A Agência Brasil procurou as
secretarias de Administração Penitenciária e de Segurança Pública de São
Paulo, o Ministério Público e o Tribunal de Justiça de São Paulo, mas
até o fechamento desta reportagem não havia recebido resposta.
O
relatório é resultado do Projeto Tecer Justiça: Repensando a Prisão
Provisória, desenvolvido pelo Instituto Terra, Trabalho e Cidadania
(ITTC) e pela Pastoral Carcerária Nacional para o atendimento e a defesa
técnica de presos provisórios recém-incluídos no Centro de Detenção
Provisória 1 de Pinheiros e na Penitenciária Feminina de Sant’Ana. A
pesquisa foi realizada no período de junho de 2010 a dezembro de 2011.
O
documento analisa diversos casos de permanência em detenção
supostamente ilegal, entre eles o de um homem preso sob acusação de ter
roubado R$ 1,00 e um bilhete de transporte público mediante ameaça
verbal, sem uso de arma ou qualquer utensílio que pudesse colocar em
risco a integridade da vítima.
No entanto, apesar de ser primário e
nunca ter sido sequer processado, o homem permaneceu seis meses e doze
dias preso antes da sentença.

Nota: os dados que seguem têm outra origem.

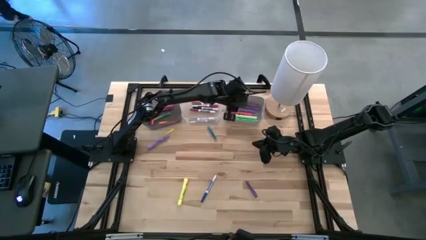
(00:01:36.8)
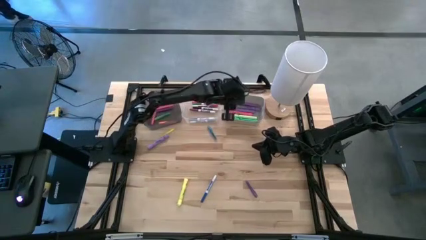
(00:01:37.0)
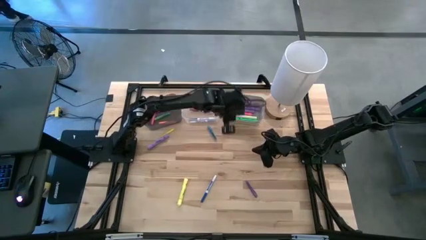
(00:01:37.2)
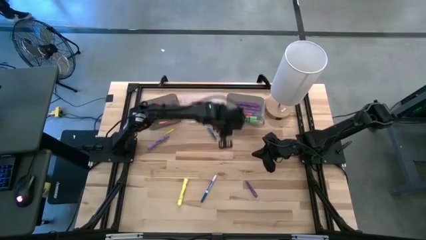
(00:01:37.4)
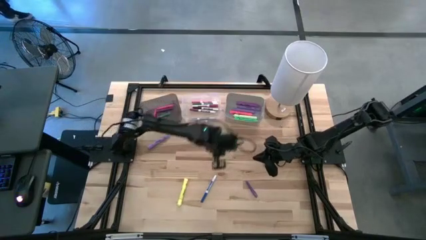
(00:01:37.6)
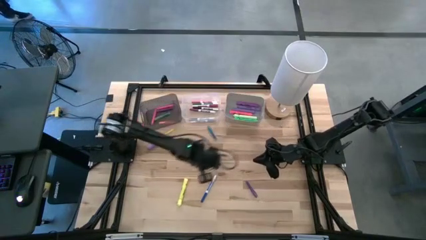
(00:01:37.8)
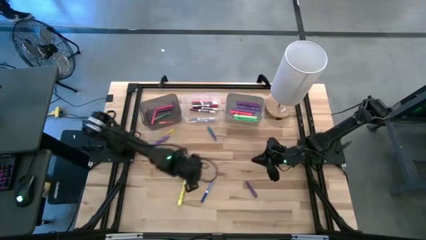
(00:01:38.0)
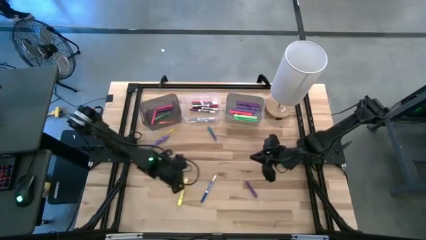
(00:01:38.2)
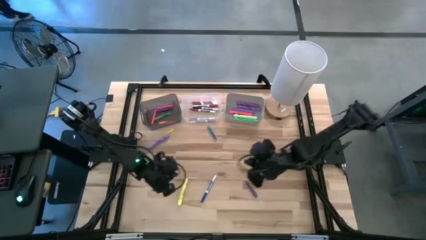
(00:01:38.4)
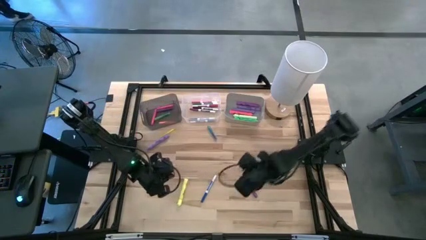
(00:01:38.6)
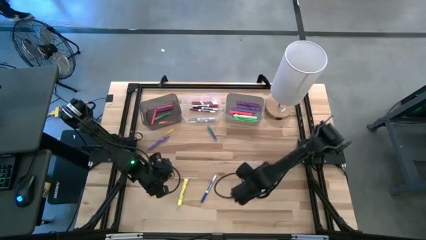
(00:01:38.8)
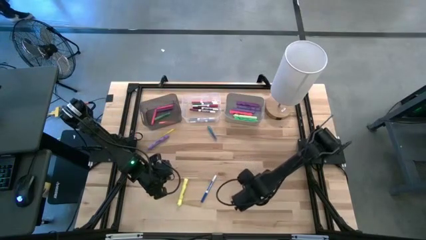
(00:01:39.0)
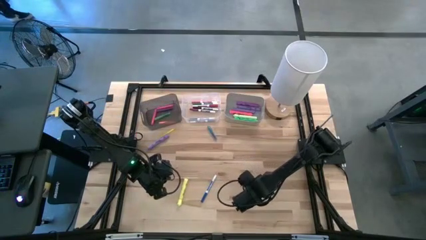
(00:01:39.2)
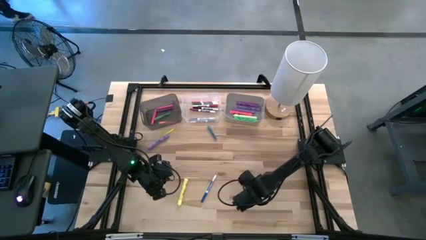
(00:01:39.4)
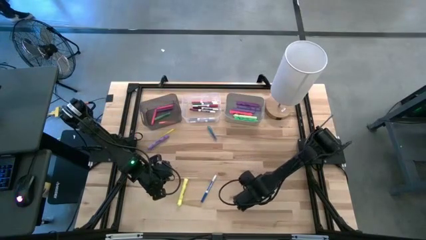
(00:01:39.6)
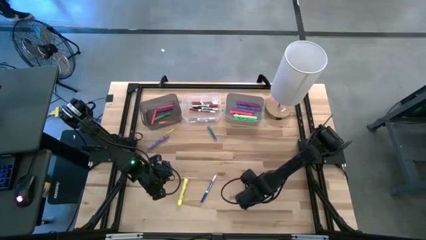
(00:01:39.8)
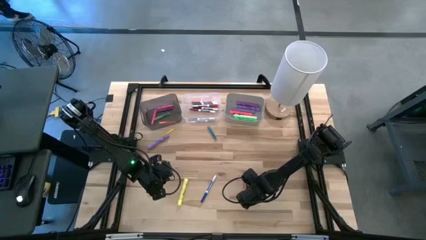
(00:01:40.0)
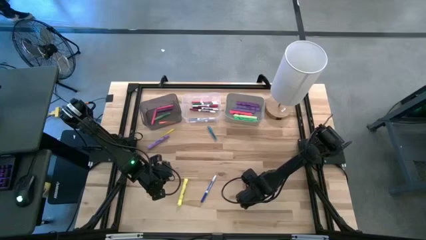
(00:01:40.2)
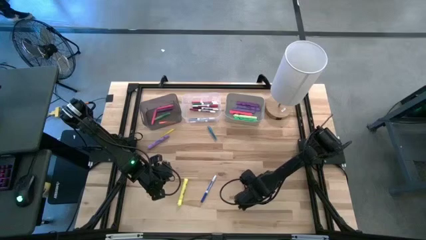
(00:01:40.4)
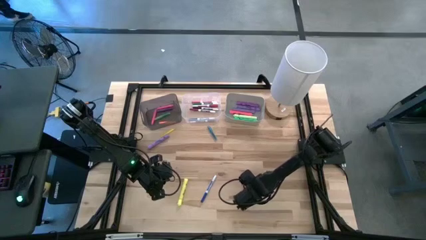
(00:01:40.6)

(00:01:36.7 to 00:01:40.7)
Put the violet pen into the black bin

As sentenças judiciais também se
apresentam desproporcionais: nesse mesmo caso, o homem foi condenado à
pena de cinco anos e quatro meses de reclusão em regime inicial fechado.
De
acordo com o assessor jurídico da Pastoral Carcerária Nacional, José de
Jesus Filho, em muitos casos, os presos provisórios são usuários de
drogas que ficam até um ano encarcerados. Além disso, é bastante elevado
o número de pessoas que afirmaram morar na rua.
No ano passado,
entrou em vigor a Nova Lei das Prisões, que beneficia presos não
reincidentes que cometeram crimes leves, puníveis com menos de quatro
anos de reclusão, e que não ofereçam risco à sociedade. Em tais casos, a
prisão pode ser substituída por medidas como pagamento de fiança e
monitoramento eletrônico.
Segundo o relatório, no entanto, há
diversos casos nos quais o réu estava sendo acusado de delito para o
qual poderia receber uma medida alternativa à prisão. Porém, mesmo
assim, o acusado era mantido preso cautelarmente até a sentença. Somente
então o réu é colocado em liberdade, até mesmo quando condenado, porque
o período sob prisão provisória geralmente foi maior que o tempo de
condenação.
O Instituto Terra, Trabalho e Cidadania é uma
organização não governamental, com sede em São Paulo, constituída por
profissionais que atuam em defesa dos direitos dos cidadãos. Atualmente,
desenvolve projetos em parceria com a Secretaria de Administração
Penitenciária do Estado de São Paulo e a Defensoria Pública da União,
entre outras instituições. A Pastoral Carcerária é uma organização
ligada à Conferência Nacional dos Bispos do Brasil (CNBB), promovendo
direitos da população custodiada nos sistemas prisionais do país.